See also owning property^simple REIT
I often hear people say “if as you said this investment scores high on so many aspects and without serious low scores, then price must be high“. Basically they don’t believe there are bargains. But there are bargains!
One of the (possibly biggest) underlying factors is the combination of “unfamiliar uncertainty + mind share”, which is a form of financial risk. Uncertainty by itself is common — credit risk and market risk are all uncertainties but better understood.
Indeed, if all attractive assets are well known to all investors, then yes they would be expensive. In reality, there’s highly uneven distribution of information, so some good assets get very low mind-share. The lesser known assets and locations are seen as less reliable, less understood, less researched, less predictable and significantly more risky.
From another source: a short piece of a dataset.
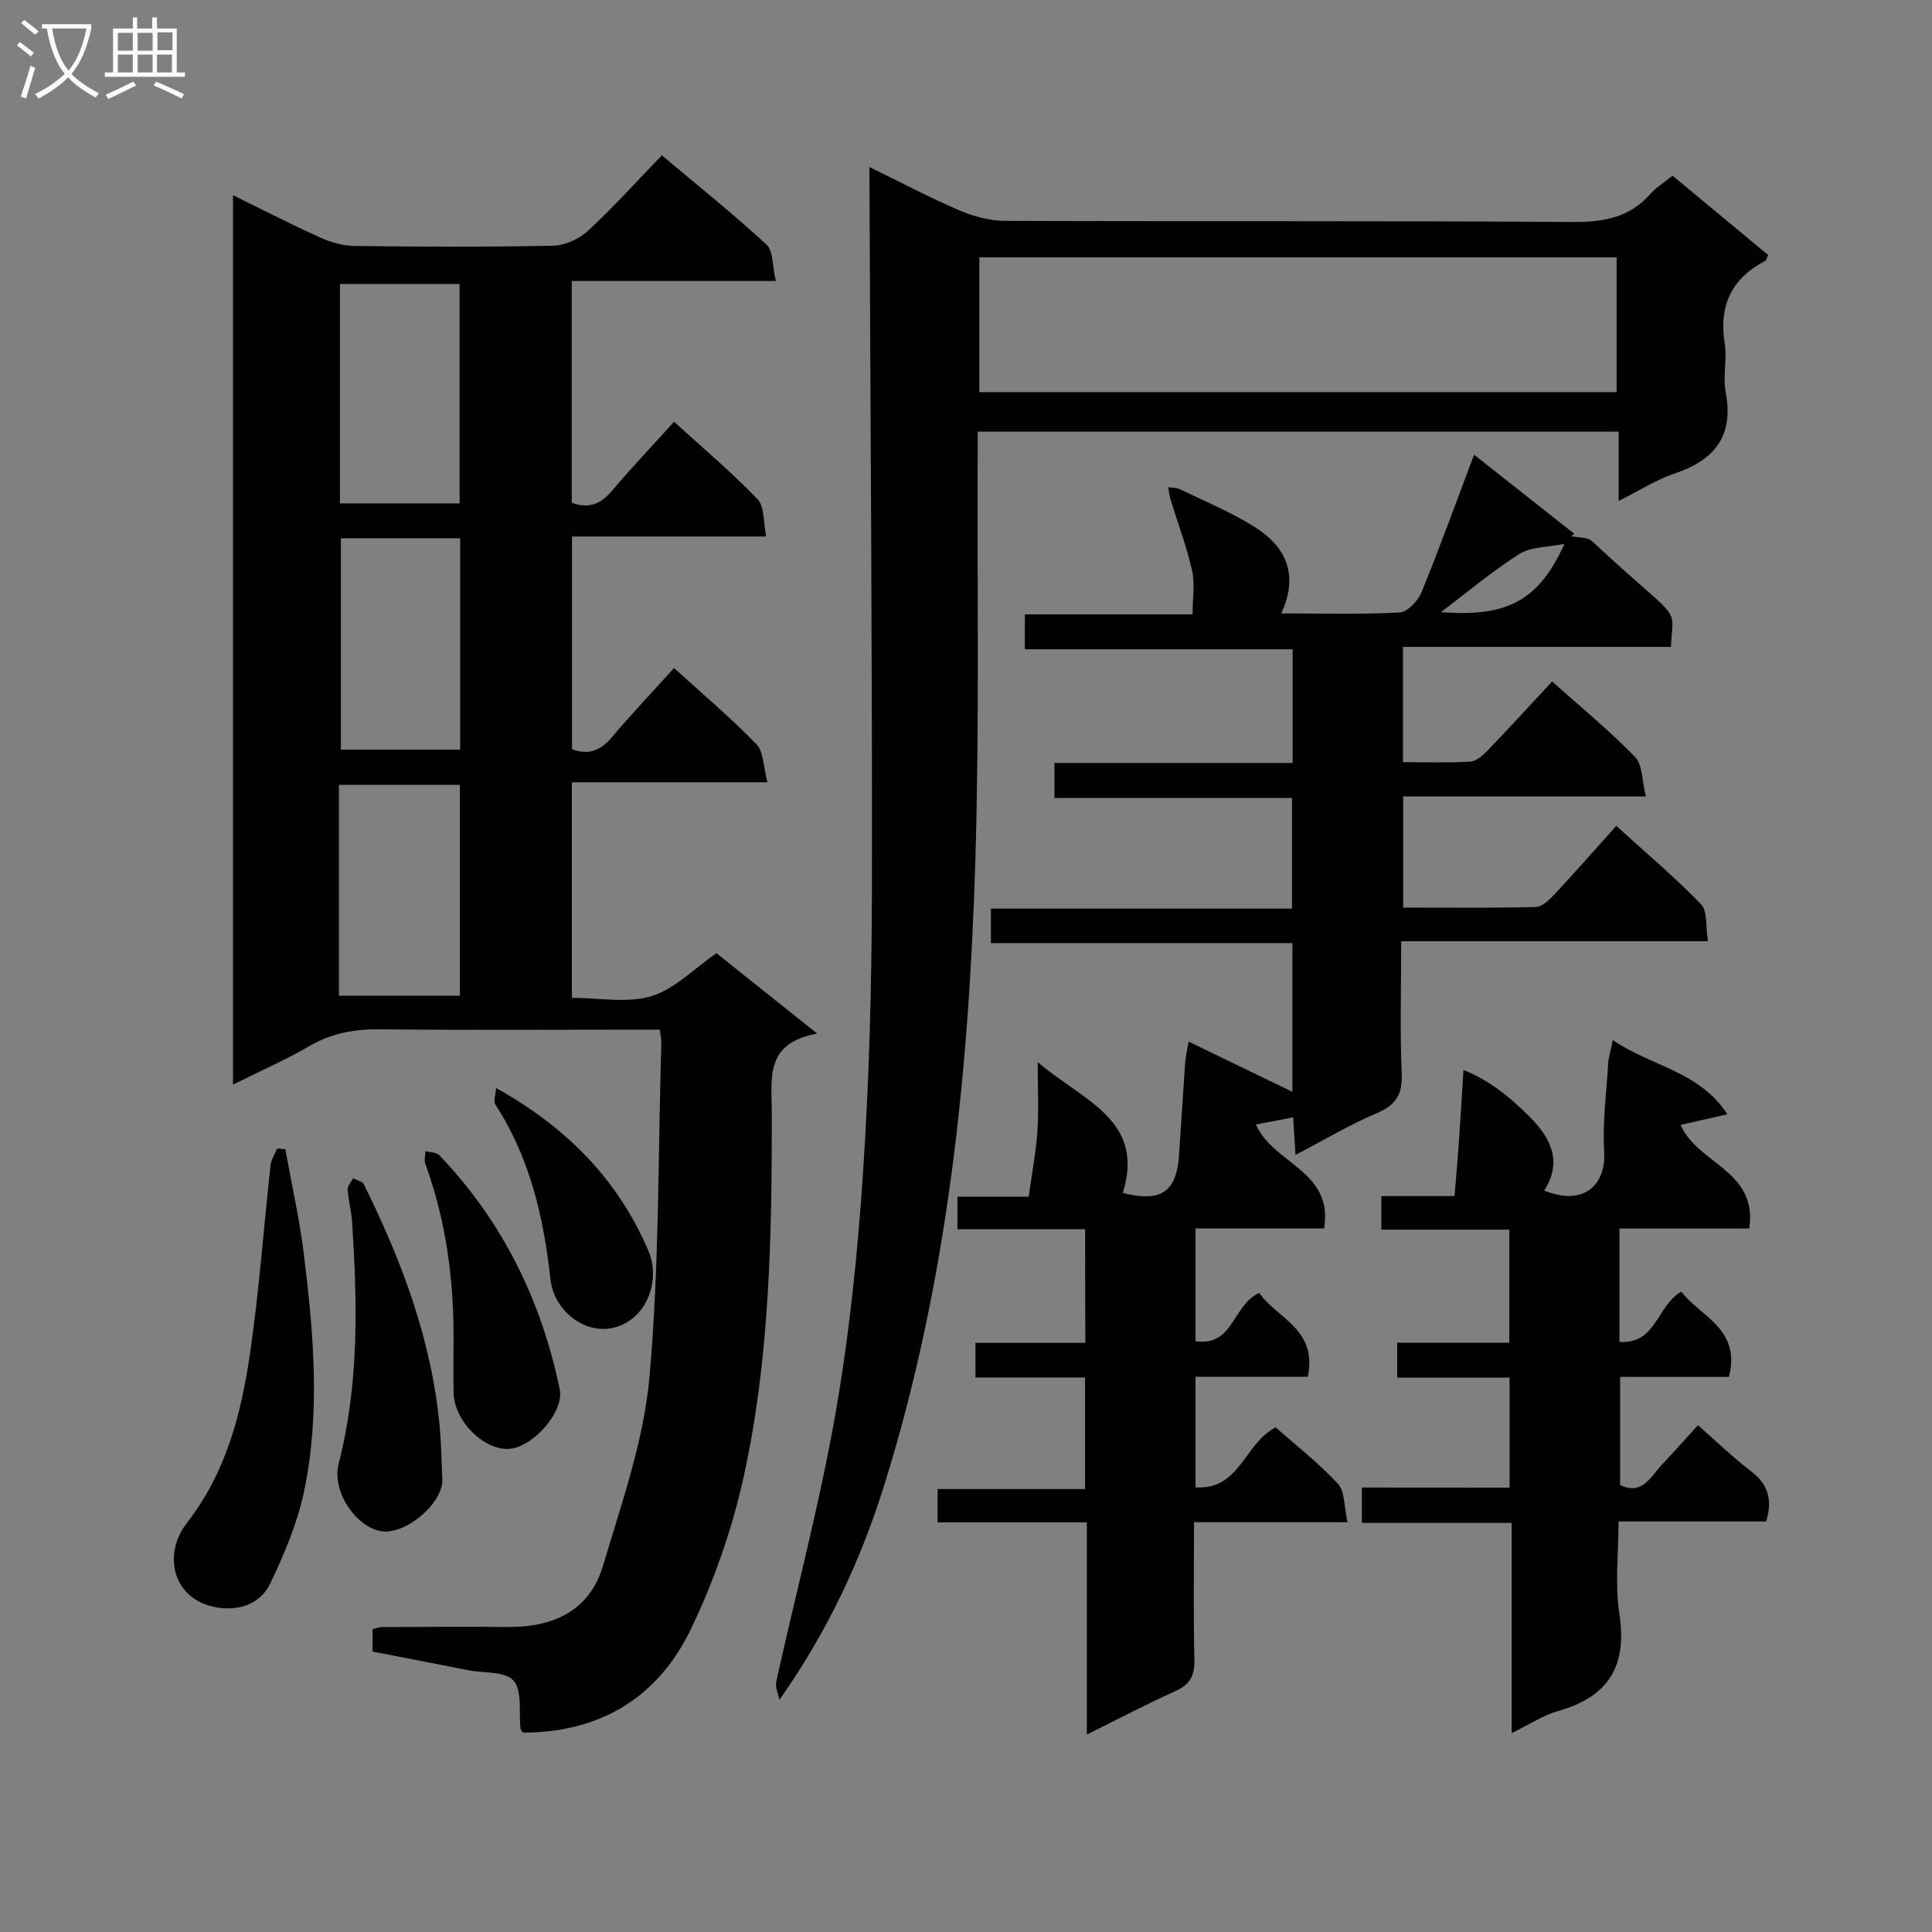 <svg enable-background="new 0 0 400 400" viewBox="0 0 400 400" xmlns="http://www.w3.org/2000/svg"><rect x="0" y="0" width="400" height="400" fill="#808080" stroke="none"/><g fill="#010104"><path d="m77.14 341.94c0-1.88 0-3.18 0-4.64.71-.16 1.34-.43 1.96-.43 8.66-.04 17.33-.11 25.99-.02 9.43.09 16.98-3.32 19.77-12.72 3.81-12.83 8.41-25.78 9.6-38.96 2.06-22.99 1.77-46.18 2.46-69.29.02-.65-.14-1.3-.31-2.7-1.77 0-3.53 0-5.29 0-17.49 0-34.99.13-52.48-.08-5.29-.06-10.06.74-14.7 3.44-4.95 2.88-10.24 5.19-15.9 8.01 0-61.58 0-122.44 0-184.13 6.33 3.1 12.18 6.11 18.17 8.81 2.19.99 4.72 1.67 7.11 1.7 13.66.16 27.33.23 40.98-.06 2.47-.05 5.4-1.39 7.24-3.09 5.24-4.84 10.03-10.18 15.29-15.62 7.6 6.39 14.85 12.18 21.65 18.47 1.44 1.33 1.22 4.46 1.95 7.55-14.47 0-28.19 0-42.26 0v45.89c3.37 1.28 5.91.41 8.27-2.38 4.07-4.83 8.43-9.41 12.92-14.37 5.92 5.4 11.9 10.43 17.29 16.04 1.47 1.52 1.16 4.75 1.77 7.72-13.89 0-26.83 0-40.19 0v44.04c3.42 1.28 5.94.26 8.27-2.5 4.07-4.82 8.42-9.4 12.85-14.31 5.85 5.32 11.72 10.26 17.03 15.74 1.54 1.59 1.46 4.75 2.31 7.91-13.97 0-27.04 0-40.49 0v44.63c5.58 0 11.39 1.16 16.41-.33 4.78-1.42 8.74-5.61 13.53-8.91 6.39 5.1 13.11 10.46 20.85 16.64-11.02 2.04-9.39 9.26-9.39 16.84-.01 25.27-.41 50.63-5.94 75.42-2.37 10.6-6.08 21.14-10.77 30.94-6.78 14.17-18.75 21.54-34.81 21.52-.17-.27-.47-.53-.51-.82-.39-3.4.4-7.76-1.43-9.92-1.67-1.97-6.16-1.54-9.4-2.17-6.5-1.29-13-2.54-19.8-3.86zm18.02-237.72c0-15.41 0-30.41 0-45.43-8.49 0-16.55 0-24.78 0v45.43zm-24.58 7.23v43.76h24.69c0-14.76 0-29.13 0-43.76-8.38 0-16.42 0-24.69 0zm-.41 94.7h25.05c0-14.81 0-29.19 0-43.65-8.42 0-16.48 0-25.05 0v6.18z"/><path d="m224.67 254.51c-8.82 0-17.44 0-26.44 0 0-2.32 0-4.21 0-6.74h14.75c.71-5.14 1.52-9.35 1.81-13.59.29-4.27.06-8.58.06-14.28 9.53 8.12 22.29 11.98 17.62 27.08 6.9 1.75 11.04.66 11.62-7.58.45-6.45.82-12.9 1.28-19.34.1-1.37.44-2.72.72-4.41 7.43 3.6 14.28 6.91 21.49 10.4 0-10.18 0-20.19 0-30.79-20.66 0-41.38 0-62.42 0 0-2.63 0-4.69 0-7.14h62.34c0-7.74 0-15.1 0-22.9-16.31 0-32.57 0-49.19 0 0-2.49 0-4.55 0-7.26h49.32c0-8.06 0-15.49 0-23.54-18.32 0-36.71 0-55.44 0 0-2.67 0-4.73 0-7.22h34.72c0-3.35.51-6.36-.11-9.12-1.11-4.91-2.92-9.65-4.4-14.48-.27-.88-.37-1.82-.55-2.73.81.13 1.71.07 2.42.41 5.2 2.52 10.59 4.75 15.47 7.8 6.45 4.03 9.26 9.85 5.53 17.92 8.61 0 16.6.24 24.55-.2 1.61-.09 3.77-2.43 4.5-4.21 3.69-9.02 7-18.19 10.87-28.45 7.04 5.56 13.89 10.96 20.74 16.37-.21.17-.42.34-.63.51 1.46.32 3.38.15 4.32 1.02 18.84 17.6 16.81 12.59 16.33 21.89-18.33 0-36.72 0-55.48 0v23.87c4.68 0 9.3.16 13.89-.11 1.24-.07 2.61-1.24 3.57-2.24 4.48-4.66 8.85-9.44 13.42-14.36 5.92 5.3 11.86 10.15 17.16 15.62 1.6 1.65 1.44 5 2.24 8.17-17.26 0-33.54 0-50.24 0v23.03c9.19 0 18.31.11 27.42-.12 1.34-.03 2.84-1.49 3.91-2.63 4.2-4.5 8.26-9.13 12.79-14.17 5.99 5.44 12.06 10.55 17.55 16.22 1.38 1.43.93 4.63 1.43 7.66-21.35 0-42.08 0-63.51 0 0 9.47-.26 18.41.11 27.32.18 4.3-1.1 6.56-5.11 8.26-5.62 2.39-10.92 5.55-16.88 8.66-.17-2.71-.31-4.91-.49-7.77-2.63.5-5.07.97-7.7 1.47 3.52 8.17 16.12 9.56 14.11 21.53-8.86 0-17.6 0-26.63 0v23.33c7.87 1.23 7.7-7.58 13.21-9.98 3.53 5.2 12.14 7.46 10.04 17.35-7.53 0-15.24 0-23.24 0v22.9c9.21.62 10.13-9.17 16.59-12.42 4.12 3.65 8.86 7.33 12.89 11.68 1.48 1.6 1.26 4.76 1.99 7.96-11.03 0-21.11 0-31.78 0 0 9.85-.15 19.14.08 28.41.08 3.28-.84 5.16-3.9 6.54-6 2.7-11.84 5.77-18.37 9.01 0-14.91 0-29.14 0-43.93-10.51 0-20.58 0-30.9 0 0-2.51 0-4.45 0-6.9h30.53c0-7.85 0-15.22 0-23.1-7.55 0-14.97 0-22.69 0 0-2.57 0-4.63 0-7.17h22.75c-.04-7.87-.04-15.29-.04-23.51zm73.67-127.78c13.74 1.06 20.2-2.34 25.57-14.13-3.58.73-6.96.59-9.31 2.08-5.57 3.52-10.66 7.82-16.26 12.05z"/><path d="m180 34.58c6.73 3.28 12.58 6.39 18.65 8.98 2.94 1.26 6.3 2.16 9.47 2.17 39.16.14 78.33-.04 117.49.23 6.38.04 11.74-.89 16.07-5.8 1.18-1.34 2.79-2.31 4.6-3.78 6.67 5.53 13.27 11 19.79 16.41-.3.66-.35 1.08-.57 1.2-7.01 3.67-9.69 9.31-8.41 17.16.53 3.25-.43 6.75.19 9.97 1.73 9.09-2.21 14.1-10.55 16.91-3.85 1.3-7.38 3.58-11.61 5.69 0-5.14 0-9.57 0-14.36-44.25 0-88.15 0-132.7 0 0 1.94.01 3.89 0 5.84-.11 27.49.34 55.01-.47 82.48-1.3 43.94-5.68 87.54-18.87 129.78-4.87 15.6-11.74 30.34-21.72 44.48-.24-1.27-.9-2.64-.64-3.81 4.08-18.46 8.98-36.77 12.24-55.37 2.89-16.49 4.61-33.25 5.72-49.97 1.29-19.41 1.8-38.9 1.84-58.36.08-48.48-.3-96.96-.5-145.44-.02-1.14-.02-2.3-.02-4.41zm22.76 46.6h131.94c0-9.5 0-18.6 0-27.9-44.06 0-87.82 0-131.94 0z"/><path d="m312.54 308c0-7.77 0-15 0-22.77-7.85 0-15.43 0-23.26 0 0-2.6 0-4.67 0-7.24h23.21c0-7.91 0-15.33 0-23.41-8.68 0-17.41 0-26.5 0 0-2.53 0-4.41 0-6.94h15.16c.34-4.27.66-7.76.9-11.26.33-4.72.6-9.44.94-14.85 5.19 2.03 9.59 5.54 13.71 9.69 4.49 4.52 6.78 9.31 3.02 15.26 7.81 3.28 12.82-.87 12.4-7.99-.36-6.1.47-12.27.85-18.41.08-1.26.49-2.51.94-4.74 7.98 5.47 17.91 6.41 23.73 15.36-3.67.83-6.66 1.51-9.68 2.2 3.43 8.06 16.03 9.41 14.2 21.45-8.95 0-17.84 0-26.87 0v23.46c7.69.55 7.69-7.54 12.82-10.38 3.88 5.13 12.42 7.68 9.84 17.64-7.35 0-14.77 0-22.52 0v22.39c4.62 2.21 6.32-1.76 8.68-4.25 2.51-2.65 4.93-5.39 7.43-8.14 3.69 3.23 7.16 6.61 10.99 9.53 3.55 2.7 4.49 5.89 3.14 10.4-9.82 0-19.77 0-30.57 0 0 6.63-.78 13 .17 19.1 1.68 10.8-2.21 17.2-12.65 20.14-3.12.88-5.95 2.79-9.64 4.58 0-14.81 0-28.86 0-43.52-10.58 0-20.64 0-31.02 0 0-2.67 0-4.73 0-7.32 10.18.02 20.26.02 30.58.02z"/><path d="m59.08 237.94c1.3 7.24 2.93 14.44 3.83 21.74 2.01 16.35 3.46 32.82.04 49.12-1.38 6.56-4.09 12.95-6.99 19.03-1.98 4.15-6.32 5.74-10.95 4.99-9.35-1.52-11.36-11.02-6.34-17.48 8.12-10.44 11.25-22.52 13.08-35.03 1.9-12.96 2.83-26.06 4.27-39.1.13-1.17.89-2.28 1.35-3.42.58.04 1.15.1 1.71.15z"/><path d="m91.57 306.12c.34 4.71-6.78 11.1-11.92 10.96-5.31-.14-11.11-7.95-9.54-14.02 4.26-16.5 3.87-33.18 2.8-49.94-.15-2.3-.78-4.58-.93-6.88-.05-.74.74-1.52 1.14-2.29.76.41 1.9.63 2.21 1.26 7.93 15.98 14.13 32.52 15.73 50.47.31 3.48.35 6.97.51 10.44z"/><path d="m93.9 277.55c.09-12.5-1.53-24.74-5.83-36.56-.29-.78-.01-1.77.01-2.67.97.27 2.27.23 2.87.85 13.08 13.67 21.1 30.02 24.93 48.42 1 4.78-5.65 12.12-10.53 12.39-5.2.28-11.26-5.75-11.42-11.47-.12-3.65-.03-7.31-.03-10.96z"/><path d="m102.71 225.26c14.58 8.13 25.23 18.93 31.55 33.73 2.09 4.88.54 10.76-3.06 13.77-6.98 5.85-16.36.07-17.24-7.91-1.41-12.86-4.24-25.15-11.4-36.17-.46-.73.08-2.13.15-3.42z"/></g><path d="m6.4 11.7c-1-.8-1.9-1.6-2.9-2.3l.6-.7c.9.7 1.9 1.4 2.9 2.2zm-2.1 8.3c.7-2.1 1.4-4.2 2-6.4.2.1.6.3 1 .4-.7 2.3-1.3 4.4-1.9 6.4zm3-12.8c-1.1-.9-2.1-1.7-2.9-2.4l.6-.7c1 .8 2 1.5 3 2.4zm1.4-1.3v-.9h10.2v.9c-.9 4.2-2.3 7.3-4.1 9.4 1.3 1.4 3.2 2.7 5.7 4-.2.2-.4.5-.7.9-2.5-1.4-4.4-2.7-5.7-4.2-1.4 1.5-3.5 3-6.1 4.4 0 0 0 0-.1-.1-.3-.4-.5-.7-.7-.8 2.7-1.3 4.7-2.8 6.2-4.2-1.8-2.2-3-5.3-3.7-9.4zm9.2 0h-7.1c.6 3.8 1.7 6.7 3.4 8.7 1.7-2 2.9-4.8 3.7-8.7z" fill="#fbfafa"/><path d="m31.6 3.6h.9v2.3h4.1v9.1h1.7v.9h-16.6v-.9h1.7v-9.1h4.1v-2.3h.9v2.3h3.1v-2.3zm-4 13.3.6.8c-1.9.9-3.8 1.9-5.8 2.8-.2-.3-.3-.6-.5-.9 2-.9 3.9-1.8 5.7-2.7zm-3.2-10.1v3.7h3.1v-3.7zm0 4.5v3.7h3.1v-3.7zm4.1-4.5v3.7h3.1v-3.7zm0 4.5v3.7h3.1v-3.7zm9.1 9.1c-2.1-1.1-4.1-2-5.8-2.7l.5-.8c2.2.9 4.1 1.8 5.8 2.6zm-1.9-13.7h-3.1v3.7h3.1v-3.6zm-3.2 4.6v3.7h3.1v-3.7z" fill="#fbfafa"/></svg>

For an example of well understood, front page, uncertainty (rather than unfamiliar uncertainty), consider USD before rate hike. Is the prospect of rate hike fully priced into USD? I doubt it. You say “if people are so sure about the rate hike, then USD must be expensive already”. On the day of rate hike, USD still shoots up. Before the rate hike, there was significant uncertainty about the rate hike, depressing the price. This uncertainty is Not unfamiliar.
Now let’s look at unfamiliar uncertainties.
A simple example is Jill Lim’s real estate products with guaranteed returns + principal protection. Credit risk is the only risk. The debtor is unfamiliar, so pricing isn’t expensive in terms of guaranteed return. (Some investors would still say pricing is too high. They ignore that a bank product would give 2% p.a. guaranteed return over 2Y, rather than 12%.)
Now Consider a property in a remote part of Cambodia. We know the country is politically stable and on an upward trajectory, not yet taking off. A lot of upward potential in valuation. But this good part is not priced in. The uncertainty is very high — we have no confidence about the promised take-off, esp. in this remote location.
Now consider downtown Phnom Penh. You see the development under way — Less uncertainty, but still the number of people who can see the positive signs is a fraction compared to that of Singapore. This location is not seen as a safe bet compared to other countries. Therefore demand is significantly lower.
Now consider the Phnom Penh shop unit with rental guarantee — Less uncertainty, but many people still question the reliability of the guarantee, due to unfamiliarity of the developer. Also, there’s very high uncertainty if this location can reach 25% of Beijing’s valuation. Once again, attractive, but price depressed by unfamiliarity and uncertainty and very poor mind-share.
Now consider the Philippines esp. BGC — 20 years more developed than Phnom Penh, similar to Singapore CBD — lower uncertainty. Developer is a more familiar name. BGC condos are attractive to many, so bid mind-share. Some people say the price is already inflated, but still the uncertainty and unfamiliarity are both high. Investors who see the positive signs are willing but most casual observers aren’t — mind-share issue.
Now what if the asset is denominated in USD? One uncertainty removed, but essentially the same situation.
If a property/asset is familiar to many, and likely to appreciate, then i agree the price will be very high — consider HK, Shanghai, Ldn. The determined skeptic would still find uncertainties in these locations. Nothing is 100% sure to appreciate. A 90%-sure-thing would be pushed very high until there’s very little upward potential.
Illustration — Consider a fictitious stock with consistent dividend history + growth potential. The price would be high. See my post about dividend and growth potential
Illustration — unfamiliarity and uncertainty keeps the demand lower in emerging property markets. Very few investors bother to research on these locations. Most property investors prefer the familiar market in home country. Familiarity is one of the biggest driving forces behind property demand. As a result, Singapore, HK, Shanghai, Beijing… have too many affluent investors drawn to properties. They know the local market so well they bid up the prices beyond global cities like London, New York, Sydney, Toronto.